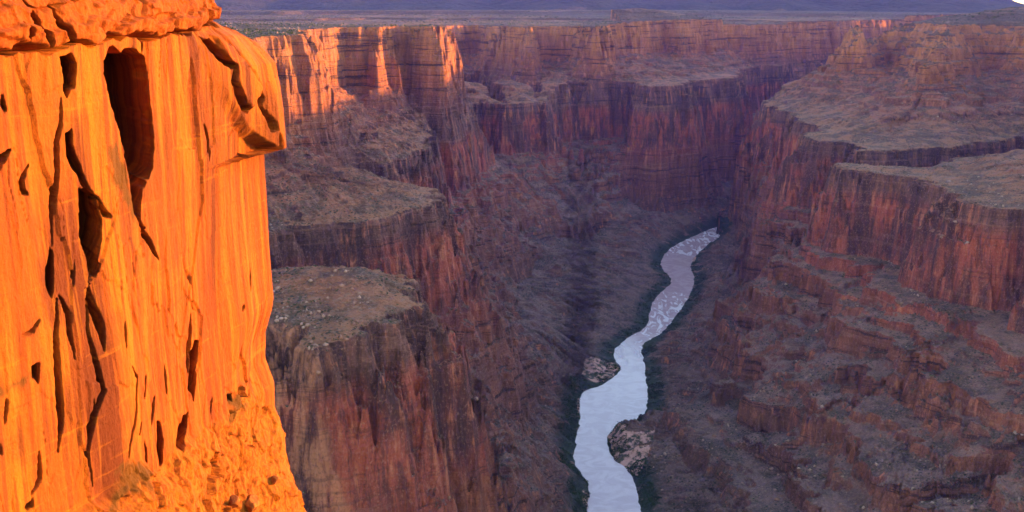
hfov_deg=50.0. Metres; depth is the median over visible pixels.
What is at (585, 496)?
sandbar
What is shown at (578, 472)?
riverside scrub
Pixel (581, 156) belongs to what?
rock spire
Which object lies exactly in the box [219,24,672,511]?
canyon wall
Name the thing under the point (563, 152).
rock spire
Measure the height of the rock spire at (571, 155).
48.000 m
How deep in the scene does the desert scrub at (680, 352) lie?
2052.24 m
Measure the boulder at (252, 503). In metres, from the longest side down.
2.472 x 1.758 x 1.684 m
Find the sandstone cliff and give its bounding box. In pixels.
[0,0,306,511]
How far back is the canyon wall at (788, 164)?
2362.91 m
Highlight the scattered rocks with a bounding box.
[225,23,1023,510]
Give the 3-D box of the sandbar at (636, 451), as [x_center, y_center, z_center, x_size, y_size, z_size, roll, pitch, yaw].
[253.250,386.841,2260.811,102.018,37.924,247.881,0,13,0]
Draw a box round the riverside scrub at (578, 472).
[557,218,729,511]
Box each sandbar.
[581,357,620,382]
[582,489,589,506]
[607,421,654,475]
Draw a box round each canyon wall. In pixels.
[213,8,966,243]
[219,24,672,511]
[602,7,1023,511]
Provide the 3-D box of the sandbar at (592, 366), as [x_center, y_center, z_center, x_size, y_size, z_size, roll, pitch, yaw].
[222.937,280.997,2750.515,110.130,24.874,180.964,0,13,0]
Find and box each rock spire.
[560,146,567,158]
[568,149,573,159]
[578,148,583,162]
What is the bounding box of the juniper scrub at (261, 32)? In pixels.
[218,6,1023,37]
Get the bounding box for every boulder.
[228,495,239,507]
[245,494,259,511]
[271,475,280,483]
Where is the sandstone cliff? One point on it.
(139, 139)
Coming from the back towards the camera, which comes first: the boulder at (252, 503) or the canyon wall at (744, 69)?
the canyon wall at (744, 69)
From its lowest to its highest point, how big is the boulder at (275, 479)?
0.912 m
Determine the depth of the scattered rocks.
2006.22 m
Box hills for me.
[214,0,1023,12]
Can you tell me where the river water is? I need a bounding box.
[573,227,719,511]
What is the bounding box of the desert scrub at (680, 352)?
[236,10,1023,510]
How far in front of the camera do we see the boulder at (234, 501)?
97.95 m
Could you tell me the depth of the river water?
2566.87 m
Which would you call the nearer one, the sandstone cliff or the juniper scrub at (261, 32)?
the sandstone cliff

---

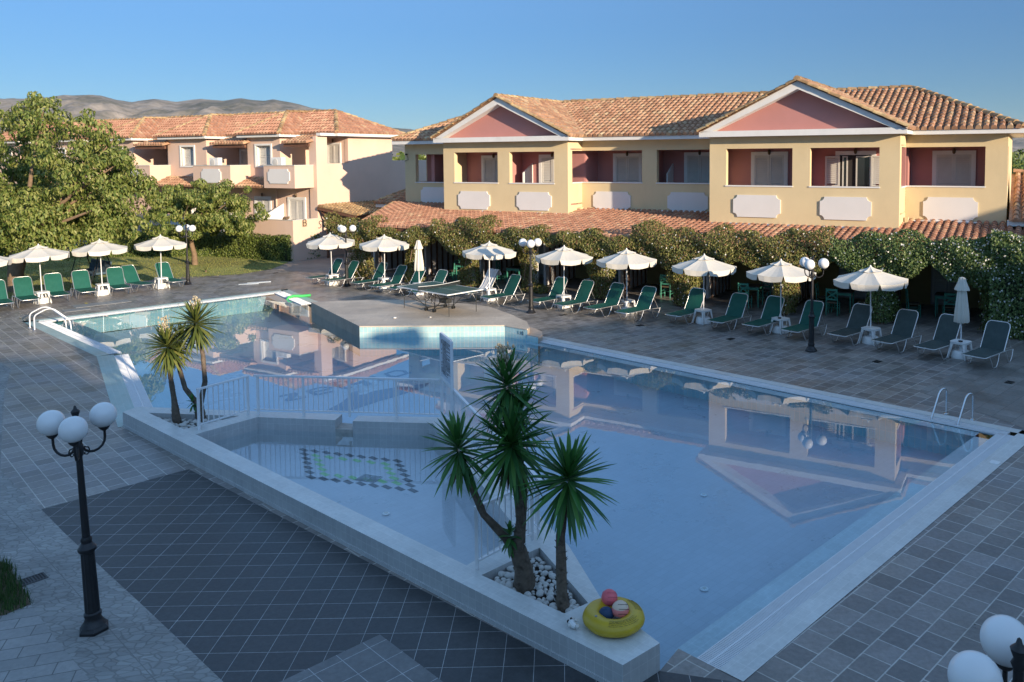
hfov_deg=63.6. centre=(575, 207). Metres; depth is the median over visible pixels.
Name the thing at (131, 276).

---

In the listing above, locate the line containing "hfov_deg=63.6. centre=(575, 207)." and the line containing "Name the thing at (131, 276).". Extract those two lines and every line between them, exactly as written, and only those.

# Solved exercise
hfov_deg=63.6. centre=(575, 207). Metres; depth is the median over visible pixels.
Name the thing at (131, 276).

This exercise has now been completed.